Create a file “payload” with the following content:
{ "@odata.context": "$metadata#Products/$entity", "code": "test_article1", "name": "product description 1", "supercategories": [ { "code": "testCategory", "catalogVersion": { "catalog": { "id": "Default" }, "version": "Staged" } } ], "catalogVersion": { "catalog": { "id": "Default" }, "version": "Staged" } }
and then run the call using curl:
curl -k --location --request POST 'https://localhost:9002/odata2webservices/InboundProduct/Products' \ --header 'Content-Type: application/json' \ --header 'Accept: application/json' \ --user admin:nimda \ --data @payload
The result should look like
{ "d": { "__metadata": { "id": "https://localhost:9002/odata2webservices/InboundProduct/Products('Staged%7CDefault%7Ctest_article1')", "uri": "https://localhost:9002/odata2webservices/InboundProduct/Products('Staged%7CDefault%7Ctest_article1')", "type": "HybrisCommerceOData.Product" }, "code": "test_article1", "name": "product description 1", "integrationKey": "Staged|Default|test_article1", "unit": { "__deferred": { "uri": "https://localhost:9002/odata2webservices/InboundProduct/Products('Staged%7CDefault%7Ctest_article1')/unit" } }, "supercategories": { "__deferred": { "uri": "https://localhost:9002/odata2webservices/InboundProduct/Products('Staged%7CDefault%7Ctest_article1')/supercategories" } }, "catalogVersion": { "__deferred": { "uri": "https://localhost:9002/odata2webservices/InboundProduct/Products('Staged%7CDefault%7Ctest_article1')/catalogVersion" } }, "localizedAttributes": { "__deferred": { "uri": "https://localhost:9002/odata2webservices/InboundProduct/Products('Staged%7CDefault%7Ctest_article1')/localizedAttributes" } } } }
For this test, we will need two payloads:
- one that creates or updates a product test_article1 and assign it to testCategory.

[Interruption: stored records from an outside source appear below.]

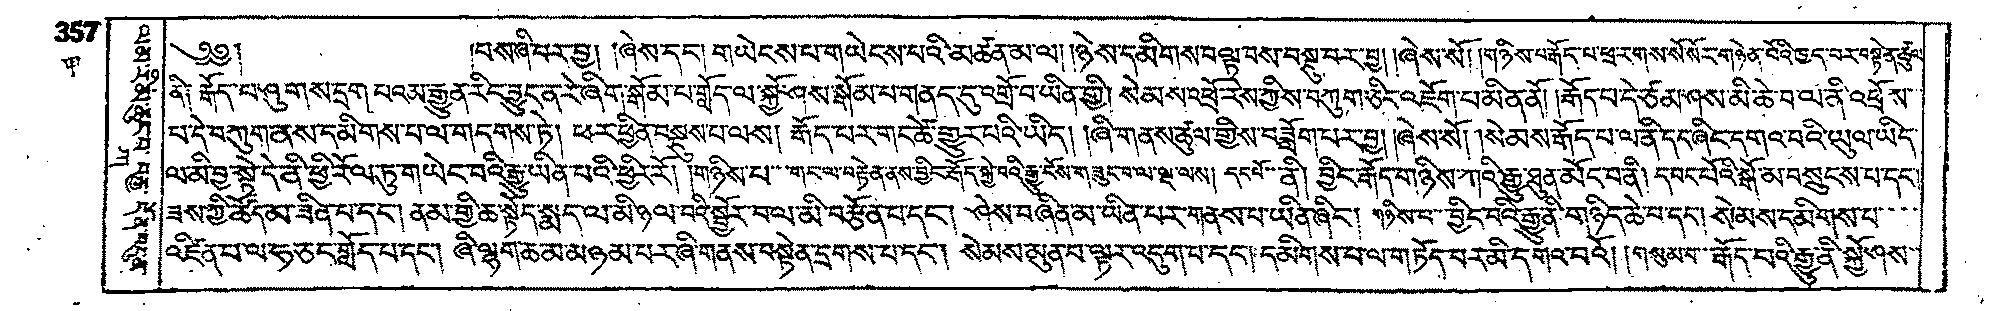༄༅། །པས་ཞི་བར་བྱ། །ཞེས་དང་། གཡེངས་པ་གཡེངས་པའི་མཚན་མ་ལ། །ཉེས་དམིགས་བལྟ་བས་བསྡུ་བར་བྱ། །ཞེས་སོ། །གཉིས་པ་རྒོད་པ་ཕྲ་རགས་སོ་སོར་གཉེན་པོའི་ཁྱད་པར་བསྟེན་ཚུལ་
ནི༑ རྒོད་པ་ཤུགས་དྲག་པའམ་རྒྱུན་རིང་བྱུང་ན་རེ་ཞིག་སྒོམ་པ་གློད་ལ་སྐྱོ་ཤས་སྒོམ་པ་གནད་དུ་འགྲོ་བ་ཡིན་གྱི། སེམས་འཕྲོ་རེས་ཀྱིས་བཀུག་ཅིང་འཇོག་པ་མིན་ནོ། །རྒོད་པ་དེ་ཙམ་ཤས་མི་ཆེ་བ་ལ་ནི་འཕྲོས་
པ་དེ་བཀུག་ནས་དམིགས་པ་ལ་གདགས་ཏེ། ཕར་ཕྱིན་བསྡུས་པ་ལས། རྒོད་པར་གང་ཚེ་གྱུར་པའི་ཡིད། །ཞི་གནས་ཚུལ་གྱིས་བཟློག་པར་བྱ། །ཞེས་སོ། །སེམས་རྒོད་པ་ལ་ནི་དང་ཞིང་དགའ་པའི་ཡུལ་ཡིད་
ལ་མི་བྱ་སྟེ་དེ་ནི་ཕྱི་རོལ་ཏུ་གཡེང་བའི་རྒྱུ་ཡིན་པའི་ཕྱིར་རོ། །གཉིས་པགང་ལ་བརྟེན་ནས་བྱིང་རྒོད་སྐྱེ་བའི་རྒྱུ་ངོས་གཟུང་བ་ལ་ལྔ་ལས། དང་པོནི། བྱིང་རྒོད་གཉིས་ཀའི་རྒྱུ་ཐུན་མོང་བ་ནི། དབང་པོའི་སྒོ་མ་བསྲུངས་པ་དང་།
ཟས་ཀྱི་ཚོད་མ་ཟིན་པ་དང་། ནམ་གྱི་ཆ་སྟོད་སྨད་ལ་མི་ཉལ་བའི་སྦྱོར་བ་ལ་མི་བརྩོན་པ་དང་། ཤེས་བཞིན་མ་ཡིན་པར་གནས་པ་ཡིན་ཞིང་། གཉིས་པ་བྱིང་བའི་རྒྱུ་ནི་གཉིད་ཆེ་བ་དང་། སེམས་དམིགས་པ་
འཛིན་པ་ལ་ཧ་ཅང་གློད་པ་དང་། ཞི་ལྷག་ཆ་མ་མཉམ་པར་ཞི་གནས་བསྟེན་དྲགས་པ་དང་། སེམས་མུན་པ་ལྟར་འདུག་པ་དང་། དམིགས་པ་ལ་གཏོད་པར་མི་དགའ་བའོ། །གསུམ་པརྒོད་པའི་རྒྱུ་ནི་སྐྱོ་ཤས་

- another one that creates or updates a product test_article1 and assign it to testCategory2
Payload 1 | Payload 2 |
{ “@odata.context”: “$metadata#Products/$entity”, “code”: “test_article1”, “name”: “product description 1”, “supercategories”: [ { “code”: “testCategory“, “catalogVersion”: { “catalog”: { “id”: “Default” }, “version”: “Staged” } } ], “catalogVersion”: { “catalog”: { “id”: “Default” }, “version”: “Staged” } } | { “@odata.context”: “$metadata#Products/$entity”, “code”: “test_article1”, “name”: “product description 1”, “supercategories”: [ { “code”: “testCategory2“, “catalogVersion”: { “catalog”: { “id”: “Default” }, “version”: “Staged” } } ], “catalogVersion”: { “catalog”: { “id”: “Default” }, “version”: “Staged” } } |
Now we can use our performance testing tool to run a single call, just to test that everything works fine. The code demonstrates how to send a GET request. In our case, we need to send POSTs with different payloads. getJSONPayload returns payload1 or payload2 randomly. endpoint is the same for both payloads (see curl above).
... async with session.post(endpoint, headers=HEADERS, json=json.loads(getJSONPayload(endpoint)), ssl=True ) as resp: ...
If the products are created sequentially, one after another, the second update overrides the first one, and we finds the product test_article1 assigned to testCategory2.
However, if we remove all assigned categories and then run the script with 25 requests (being sent at nearly the same time), we find the product updated in a strange way:
the same testCategory was added many times, no errors in the log. This is because the items were being added in the parallel threads.